● **Exercise**
Transcribe this listing exactly; omit the pictures.

● **Recorded information**

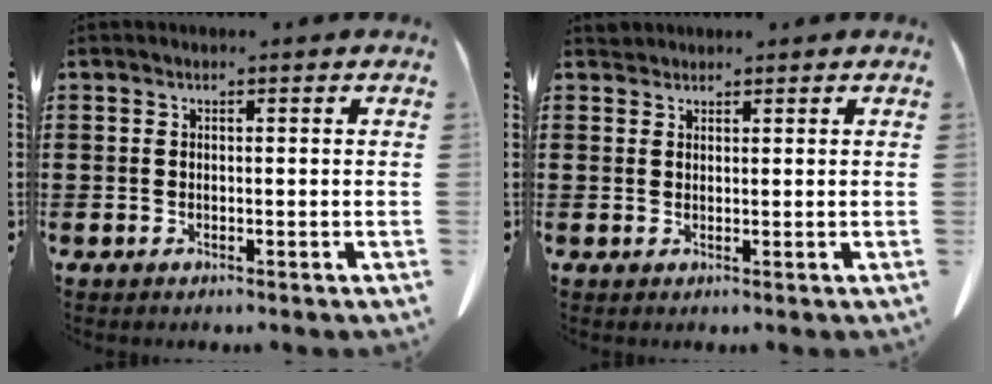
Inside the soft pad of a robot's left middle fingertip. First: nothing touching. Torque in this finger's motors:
{"motor_torque": [0.34, 0.69, -0.07, 0.00]}
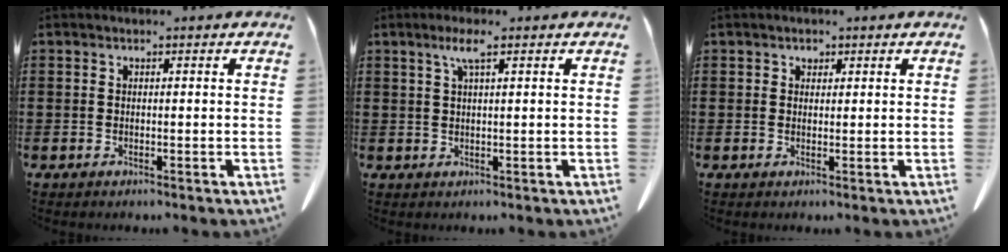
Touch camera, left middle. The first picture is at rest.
{"total": 3.0, "force": [1.5, 0.3, 2.5], "torque": [-0.055, 0.003, 0.026]}
{"total": 1.0, "force": [0.6, 0.7, 0.3], "torque": [-0.001, -0.002, 0.010]}

● **Solution**
Inside the soft pad of a robot's left middle fingertip. First: nothing touching. Torque in this finger's motors:
{"motor_torque": [0.34, 0.69, -0.07, 0.00]}
Touch camera, left middle. The first picture is at rest.
{"total": 3.0, "force": [1.5, 0.3, 2.5], "torque": [-0.055, 0.003, 0.026]}
{"total": 1.0, "force": [0.6, 0.7, 0.3], "torque": [-0.001, -0.002, 0.010]}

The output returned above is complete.